These are all clues that can help you find what my old team called your super-power.
What Does a Super-Power Look Like?
Your super-power might be something that people are used to thinking about – you are amazing at playing the piano, or speaking in public, or throwing a ball. But it might be something much less obvious. There are many, many different kinds of things that people excel at. While our society celebrates remarkable skill in athletics or performance, I love to look for and to be inspired by unusual intellectual achievements.
For example, I’ve known some truly amazing programmers. I was one of the best coders around when I was an undergrad .. and then I met these people, who just utterly crush me in their ability to construct large systems at seemingly super-human speed. I worked with one of them who could hold tens of thousands of lines of code in his mind; he could see instantly how to create some new feature or modify the design in a fundamental way. I could work through the system and build up the knowledge in my head to get to the same goal, but he had the whole system on tap and immediately saw the solution. No amount of practice on my part would ever leave me able to match him at that particular skill. It was his super-power.
Richard Feynman was a brilliant Nobel Prize winning physicist who wrote a set of highly entertaining stories about his life. One of my favorite anecdotes was about his use of visual metaphor to grasp deeply complex abstract ideas. He would use this to test new topology theorems:
For instance, the mathematicians would come in with a terrific theorem, and they’re all excited. As they’re telling me the conditions of the theorem, I construct something which fits all the conditions … the balls turn colors, grow hairs, or whatever in my head as they put more conditions on. Finally they state the theorem, which is some dumb thing about the ball which isn’t true for my hairy green ball thing, so I say, “False!”

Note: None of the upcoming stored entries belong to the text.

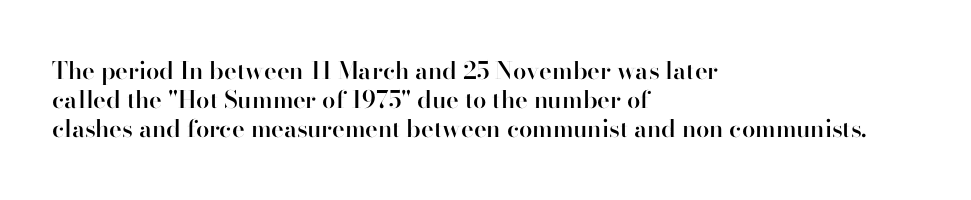
The image shows 24 px text type, upright; set left-aligned, line spacing 1.21x, normal letter spacing, not underlined.
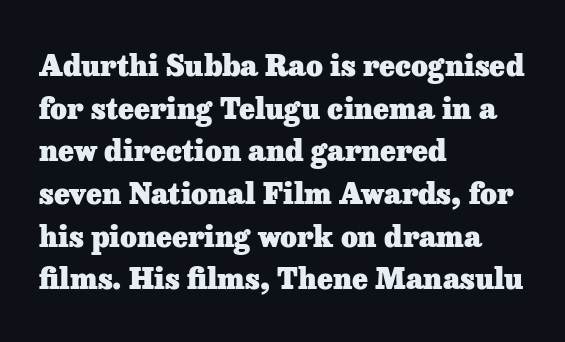
The image shows 29 px heavy serif type, upright; set left-aligned, normal line spacing (1.47x), normal letter spacing, not underlined; low stroke contrast and a medium x-height.
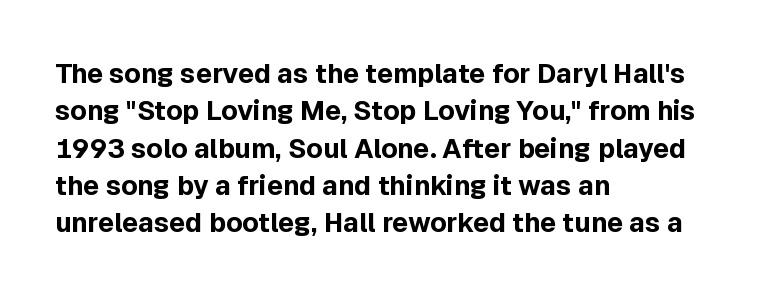
The image shows 27 px bold type, upright; set left-aligned, normal line spacing (1.38x), normal letter spacing, not underlined.
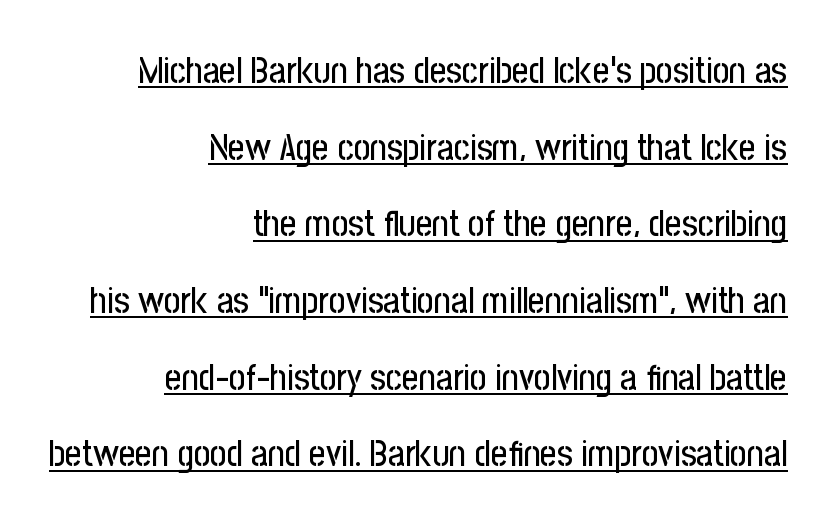
The image shows 36 px condensed sans-serif type, upright; set right-aligned, loose line spacing (2.13x), normal letter spacing, underlined; low stroke contrast and a medium x-height.
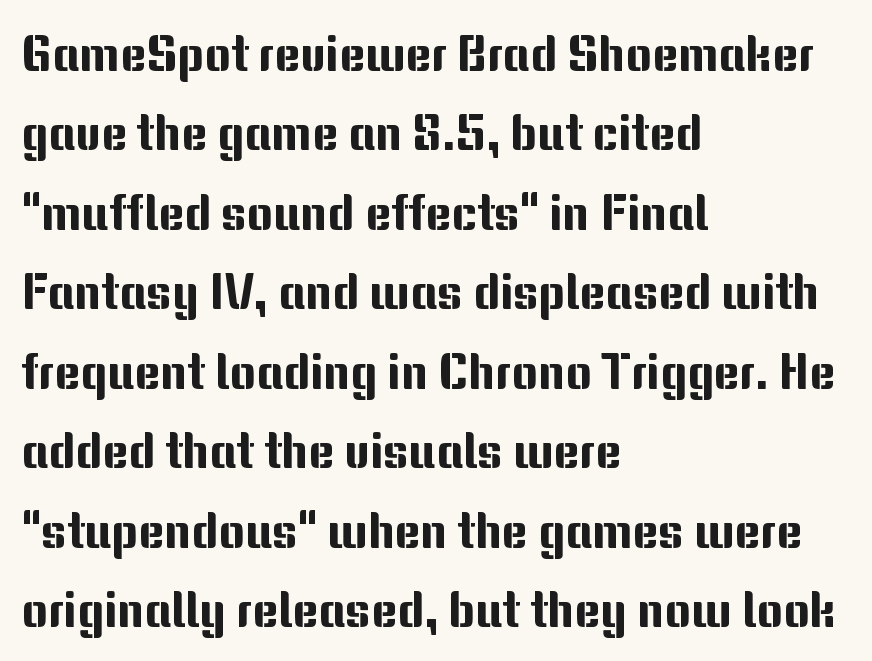
Q: Is the text italic (slanted)? A: No, it is upright.
Q: Is the typeface a serif or a sans-serif typeface? A: Sans-serif.
Q: Is the text underlined? A: No.
Q: How is the paragraph aligned? A: Left-aligned.
Q: Is the spacing between letters normal or unusually wide? A: Normal.
Q: Is the spacing between lines tight, normal or loose? A: Normal.
Q: Width (condensed, normal, or wide)? A: Normal.
Q: Stroke contrast? A: Medium.
Q: x-height? A: Medium.
Q: Monospaced? A: No.
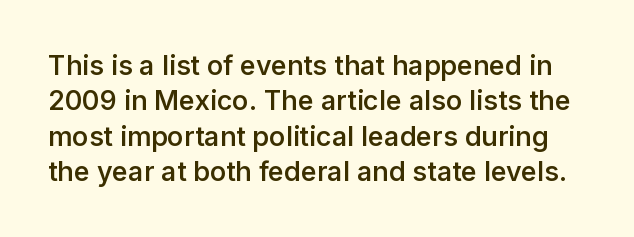
Q: Is the text bold? A: Semi-bold.
Q: Is the text italic (slanted)? A: No, it is upright.
Q: Is the text underlined? A: No.
Q: Is the spacing between letters normal or unusually wide? A: Normal.
Q: Is the spacing between lines tight, normal or loose? A: Normal.

He was famous for creating visualizations of abstruse ideas that would let you use intuition rather than mathematical formulas. Other physicists would be laboriously building up their mental models using mathematics and other abstractions and he could leap to insights that they could never have gotten without hours or days of contemplation. Now that’s a cool super-power. But it isn’t one that most people would think of as a “skill”.
I hope these examples encourage you to look beyond the obvious and find the skills where you really stand out.
Investing in Your Super-Power
Even if you are naturally great at something, you have to hone it. Michael Jordan was legendary for ruthlessly pushing himself to practice and prepare harder than anyone else. If he had settled for a pickup game or two every week, he’d never have become the incredible player that he was. Louis Pasteur said “Let me tell you the secret that has led me to my goals: my strength lies solely in my tenacity.” There are many, many similar quotes from people who have accomplished great things. It is consistent with recent scientific studies, popularized by people like Malcolm Gladwell and Geoff Colvin, that magic happens when a talented person uses deliberate practice to develop a skill for 10,000 hours.
But if you are going to invest that kind of time and effort into something, you’ll get a much better result if you are betting on something you excel at. Lots of people are pretty good at lots of things .. you’ll achieve a more distinctive result if you invest massive time and energy in something that you are remarkably good at. And, you’ll be much more likely to stick with it, if you enjoy it. So I believe that one of the great quests is to find those things and to design your life to practice and exercise them as much as you can. I’m convinced that it is also one of the ways to be happiest and most passionate about what you are doing.
Enthusiasm is one of the most powerful engines of success. When you do a thing, do it with all your might. Put your whole soul into it. Stamp it with your own personality. Be active, be energetic, be enthusiastic and faithful, and you will accomplish your object. Nothing great was ever achieved without enthusiasm. Ralph Waldo Emerson
Finding Places to Apply It
Once you have figured out what you do distinctively well and commit to honing that skill towards excellence, you need to find a place to use it where it is valuable and valued (those are not the same thing!). Any super-power is probably going to come in handy now and then, but you won’t get equal leverage from it in every environment. Being a dynamic and inspiring public speaker is not as useful to an accountant as it is to a teacher. Being rigorously analytical is probably not the first super-power you’d pick if you want to be a great actor.
Ask yourself what activities rely on and benefit disproportionately from your superpower. Where do people congregate who are amazing at it? Whom do you admire and seek to emulate while doing it? What job do they have? Where do they work? These are all clues. Ask around, too .. there may be many worlds of activity you don’t know anything about, where your abilities may be much more valued than you realize.
You’d also like to be in an organizational culture that values your skill. Visual design is crucial in building great software, but different companies in the software industry vary dramatically in how much they value designers. Find somebody else who is great at what you do (maybe they blog or write articles?) and figure out where they work. More clues. You probably won’t find any permanent answers .. but over time, through successive approximation, you can find productive places to exercise your super-power. You might have to design your own job (or your own company) to get there – super-powers often don’t fit into boxes that were neatly labeled by other people.
Oliver Wendell Holmes said something that I’ve tried to take to heart: “Most people die with the music still in them.” Find your super-power .. and let it sing!